Search code examples
javasparqljenastardog

Stardog custom aggregate function unavailable in Jena


I've created a custom aggregate function in Stardog that calculates the standard deviation. This works great when you post SPARQL queries to the endpoint or via the query panel in the admin console.

So far, so good, but we're facing a couple of problems. First, of all, when we execute a query like the following, it will execute perfectly via Stardog, but will fail in the SPARQL validator (and with the Jena API as well):

PREFIX  :     <http://our/namespace#>
PREFIX  agg:  <urn:aggregate:>
SELECT (agg:stardog:stdev(?age) AS ?stdLMD) (AVG(?age) AS ?avg)
WHERE {
 ?pat a :Person .
 ?pat :age ?age . 
}

Stardog gives the correct results for standard deviation and average age, but the SPARQL validator throws an exception:

Non-group key variable in SELECT: ?age in expression (?age)

Does Stardog interpret the specification differently or is this a feature I'm unaware of?

Another problem, we're using a custom aggregate function (stdev) in a CONSTRUCT query and again that seems to be working fine via the Stardog API's. Most of our code though is based on Jena, and it doesn't seem to recognize the custom stdev fuction. I guess because this extension is only Stardog related and unavailable for Jena? Let me show an example. ATM, we're executing CONSTRUCT queries via the following Jena code:

final Query dbQuery = QueryFactory.create(query.getContent());
final QueryExecution queryExec = QueryExecutionFactory.create(dbQuery, model);
queryExec.execConstruct(infModel);

As long as we're not using the aggregate function, this works like a charm. As we're constructing triples in multiple named graphs, it's very convenient to have a model available as well (which represents a named graph).

I would like to do something similar with the Stardog java API. I've only gotten as far as:

UpdateQuery dbQuery;
try {
    dbQuery = connection.update(query.getContent());
    dbQuery.execute();
} catch (final StardogException e) {
    LOGGER.error("Cannot execute CONSTRUCT query", e);
}

Problem is that you explicitly need to specify which named graph you want to manipulate in the CONSTRUCT query. There's nothing like a Jena model that represents a part of the database so that we can avoid specifying it in the query. What would be a good approach here?
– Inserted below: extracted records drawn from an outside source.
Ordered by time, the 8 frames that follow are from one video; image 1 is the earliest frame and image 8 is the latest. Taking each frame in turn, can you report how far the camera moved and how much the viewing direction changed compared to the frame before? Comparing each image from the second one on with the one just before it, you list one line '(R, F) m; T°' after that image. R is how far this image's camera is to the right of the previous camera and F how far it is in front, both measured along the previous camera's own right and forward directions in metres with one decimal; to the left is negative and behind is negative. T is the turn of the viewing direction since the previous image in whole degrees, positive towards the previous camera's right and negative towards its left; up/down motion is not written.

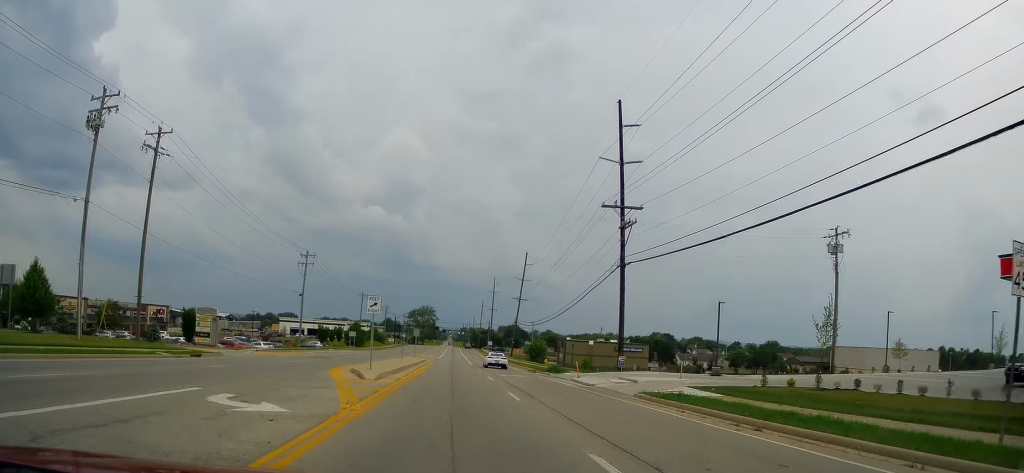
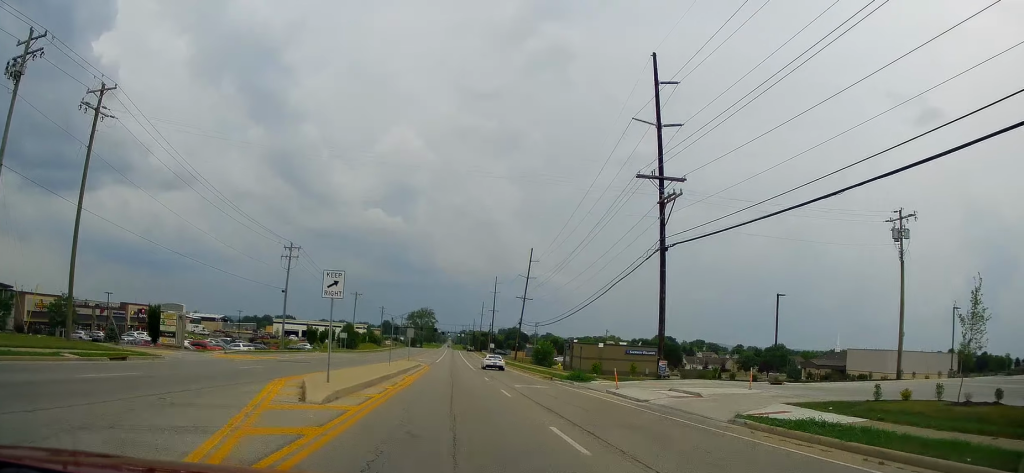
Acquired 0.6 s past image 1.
(0.0, +8.3) m; 0°
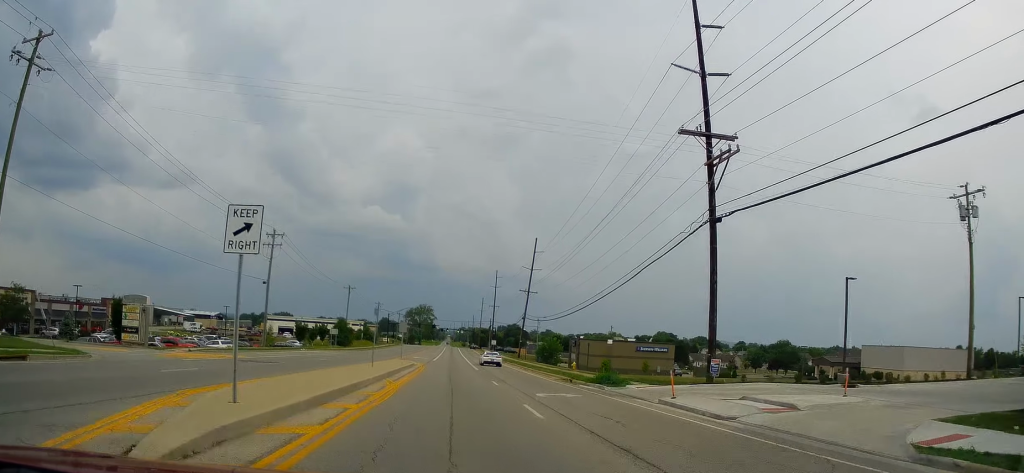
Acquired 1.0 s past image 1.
(0.0, +7.0) m; 0°
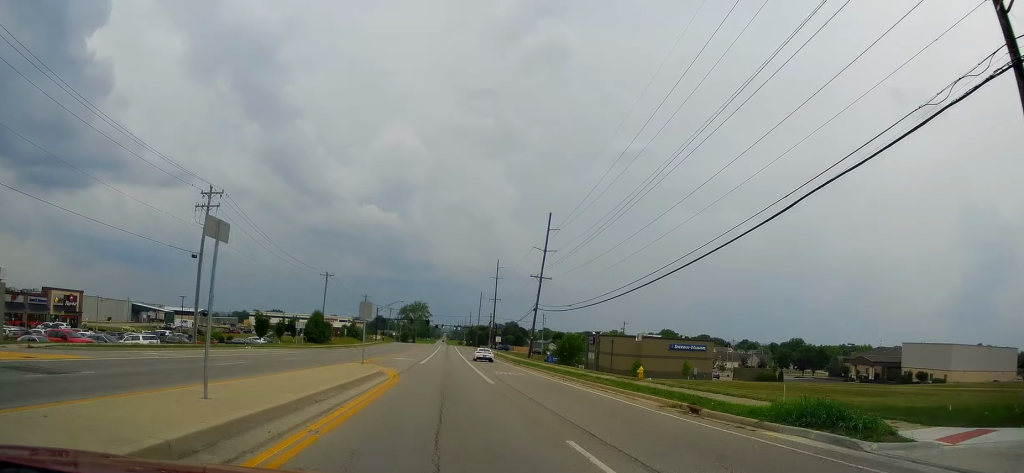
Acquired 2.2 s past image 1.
(+0.2, +18.6) m; +1°
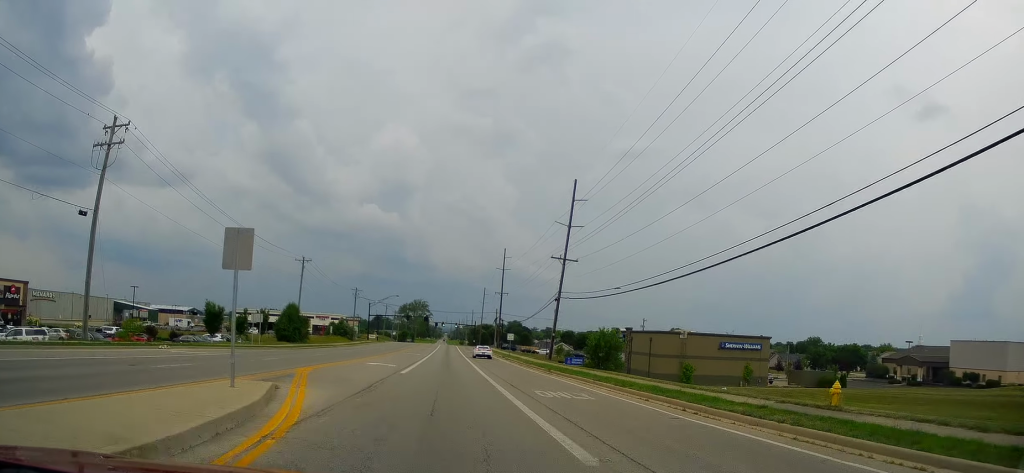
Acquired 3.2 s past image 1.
(+0.1, +17.3) m; -1°
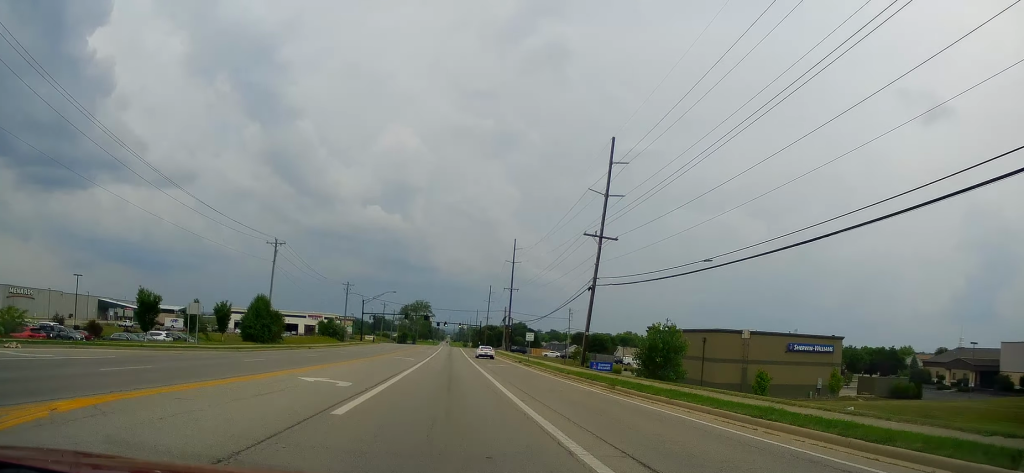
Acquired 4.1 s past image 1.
(-0.4, +15.6) m; -1°
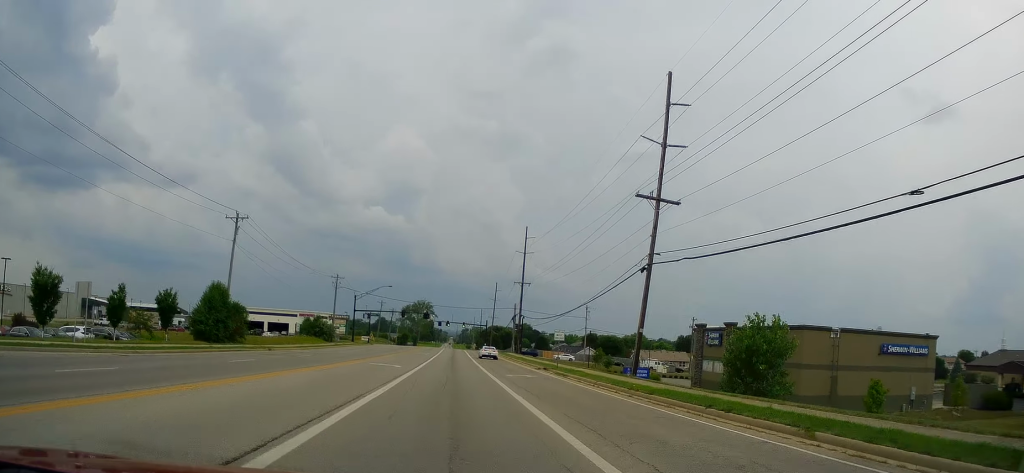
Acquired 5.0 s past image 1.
(0.0, +14.8) m; 0°
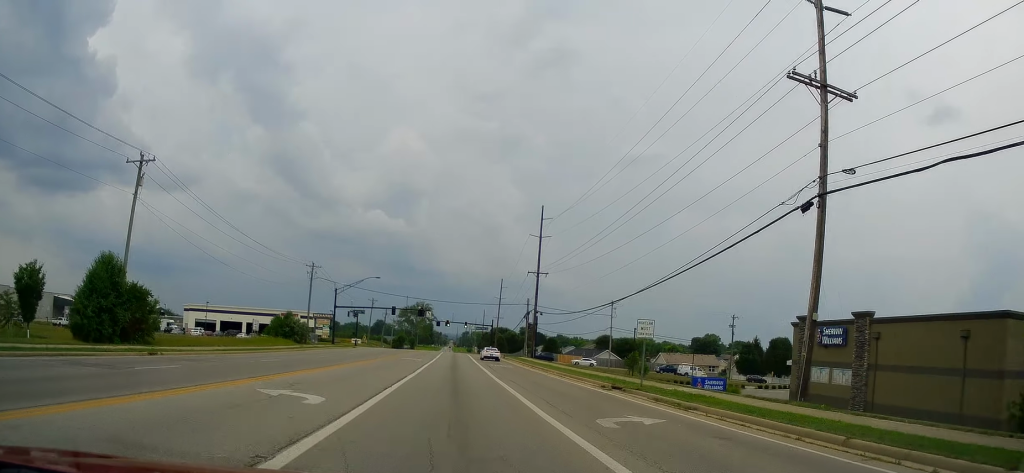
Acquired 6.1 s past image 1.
(0.0, +19.9) m; 0°

So my question is twofold: why are queries parsed differently in Stardog and is it possible to have Jena detect the custom Stardog aggregate functions? Thanks!

UPDATE

In the end, what we're trying to accomplish, is to execute a construct query over a given named graph, but write the newly constructed triples to a different graph. In my Jena example, you can see that I'm working with two Jena models to accomplish that. How would you do this with the SNARL API? I've gotten as for as the following code snippet, but this only defines the dataset this query will be executed against, not where the triples will be written to. Any help on this is still appreciated!

UpdateQuery dbQuery;
try {
    dbQuery = connection.update(query.getContent());
    final DatasetImpl ds = new DatasetImpl();
    ds.addNamedGraph(new URIImpl(infDatasource));
    dbQuery.dataset(ds);
    dbQuery.execute();
} catch (final StardogException e) {
    LOGGER.error("Cannot execute CONSTRUCT query", e);
}

Solution

  • The likely reason for the error

    Non-group key variable in SELECT: ?age in expression (?age)

    Is that the SPARQL validator, and ARQ, have no idea that agg:stardog:stdev is an aggregate and does not interpret it that way. The syntax is no different than a standard projection expression such as (?x + ?y as ?sum), as AndyS noted.
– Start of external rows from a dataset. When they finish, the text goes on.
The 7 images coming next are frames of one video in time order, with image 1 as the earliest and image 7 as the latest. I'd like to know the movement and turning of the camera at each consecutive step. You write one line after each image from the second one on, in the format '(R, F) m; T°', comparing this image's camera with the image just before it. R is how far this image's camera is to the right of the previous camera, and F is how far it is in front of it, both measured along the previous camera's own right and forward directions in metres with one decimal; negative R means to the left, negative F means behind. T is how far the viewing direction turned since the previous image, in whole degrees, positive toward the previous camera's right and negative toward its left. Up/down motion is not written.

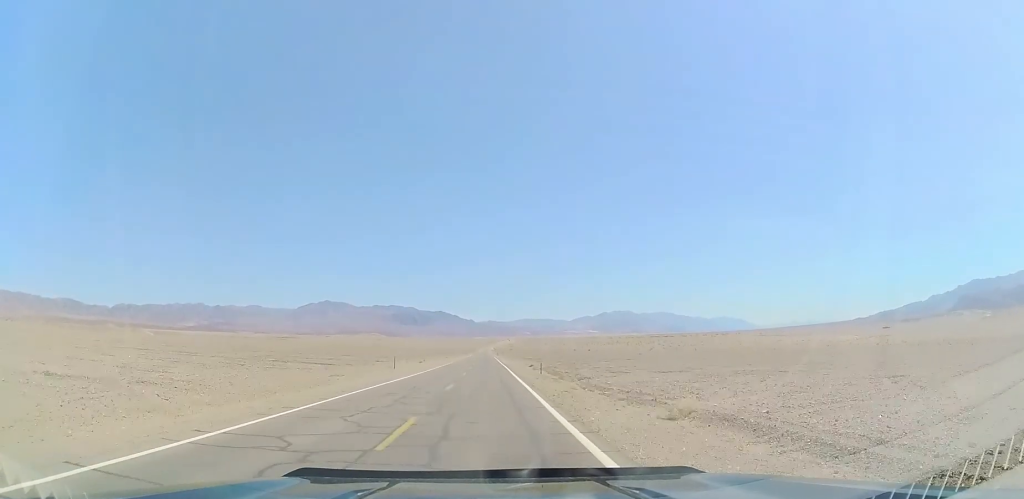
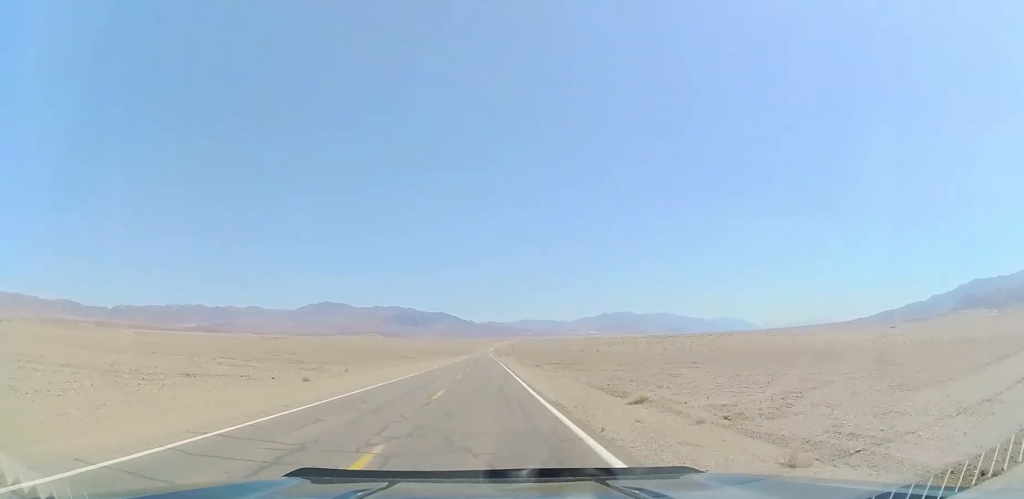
(+0.1, +48.8) m; 0°
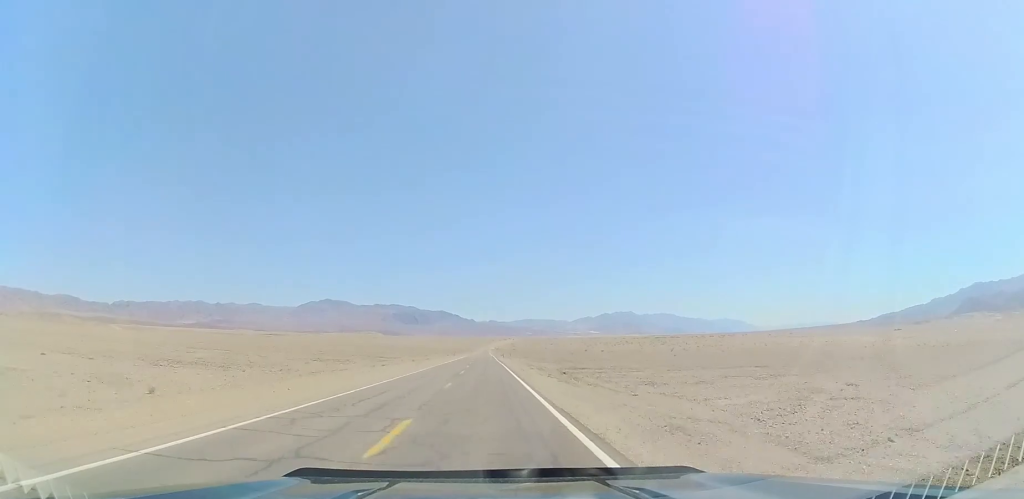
(-0.2, +25.0) m; -1°
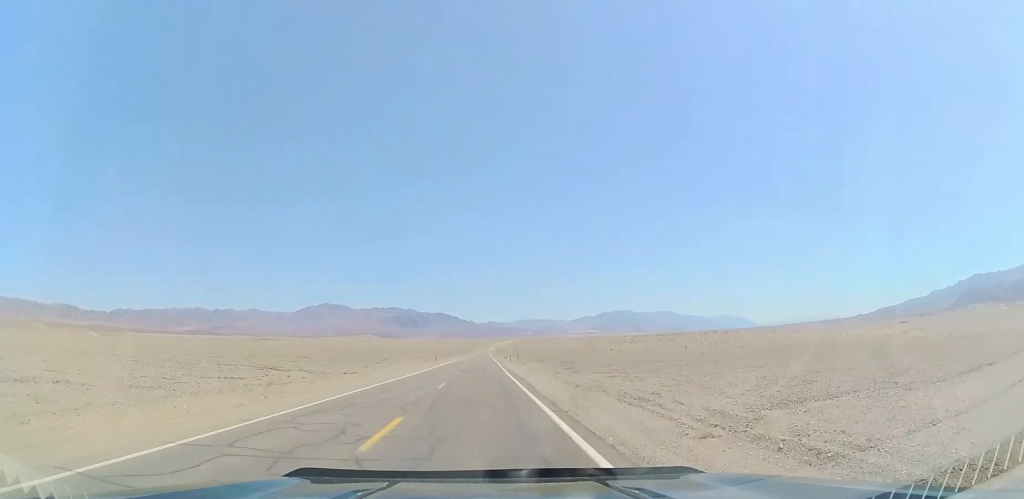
(-0.6, +43.3) m; 0°
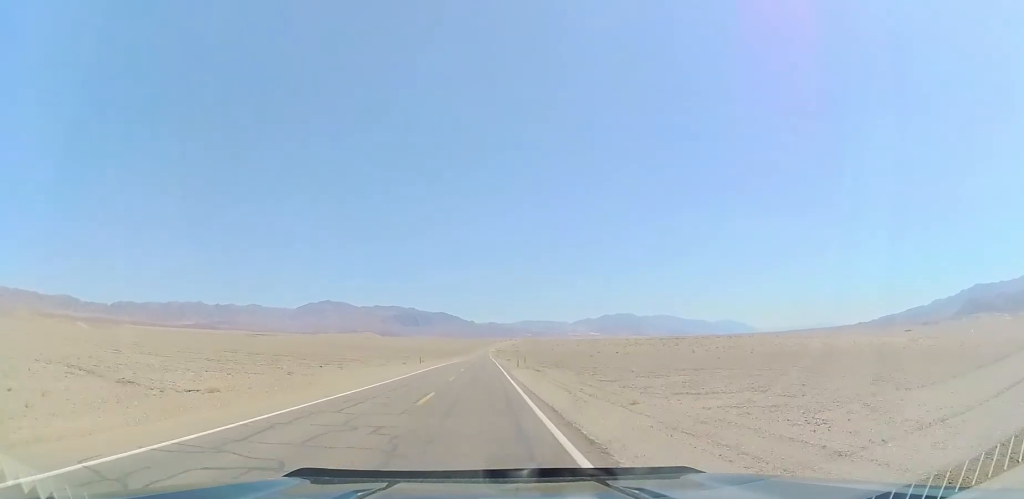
(+0.4, +20.6) m; 0°
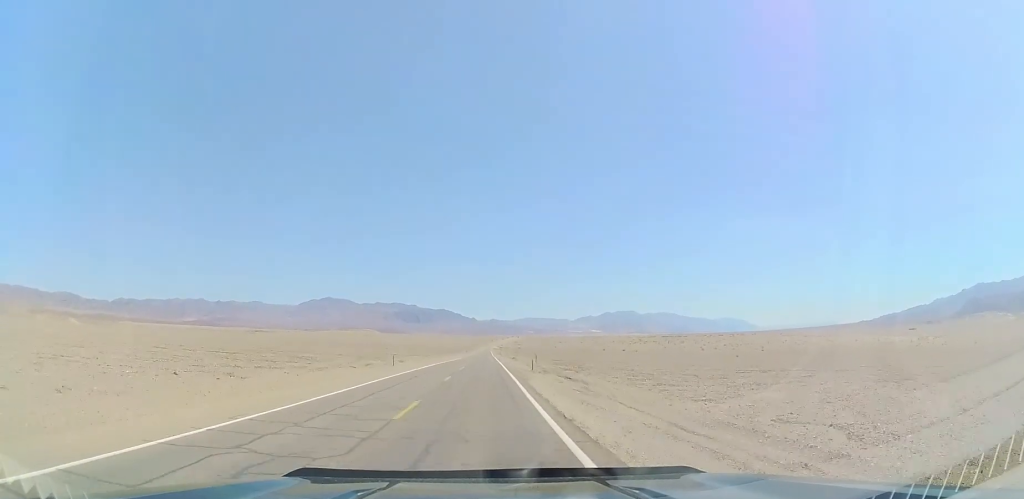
(+0.1, +19.5) m; 0°
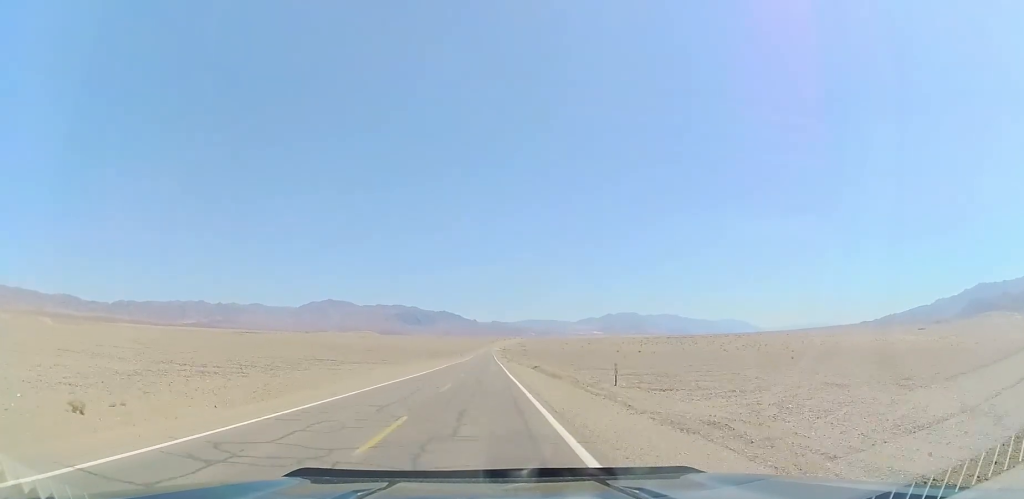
(0.0, +47.6) m; 0°

    While the SPARQL spec doesn't quite preclude custom aggregates, they're not accounted for in the grammar itself. Both Stardog and Jena allow custom aggregates, albeit in different ways.

    Another problem, we're using a custom aggregate function (stdev) in a CONSTRUCT query and again that seems to be working fine via the Stardog API's. Most of our code though is based on Jena, and it doesn't seem to recognize the custom stdev fuction. I guess because this extension is only Stardog related and unavailable for Jena?

    Yes, Jena and Stardog are distinct. Anything custom you've defined in Stardog, such as a custom aggregate, won't available directly in Jena.

    You might be constructing the model in such a way that Jena, via ARQ, is the query engine as opposed to Stardog. That would explain why you get exceptions that Jena doesn't know about the custom aggregate you've defined within Stardog.

    There's nothing like a Jena model that represents a part of the database so that we can avoid specifying it in the query. What would be a good approach here?

    You can specify the active graph of a query programmatically via the SNARL API using dataset

    So my question is twofold: why are queries parsed differently in Stardog and is it possible to have Jena detect the custom Stardog aggregate functions? Thanks!

    They're parsed differently because there's no standard way of defining a custom aggregate and Stardog & Jena choose to implement it differently. Further, Jena would not be aware of Stardog's custom aggregates and vice versa.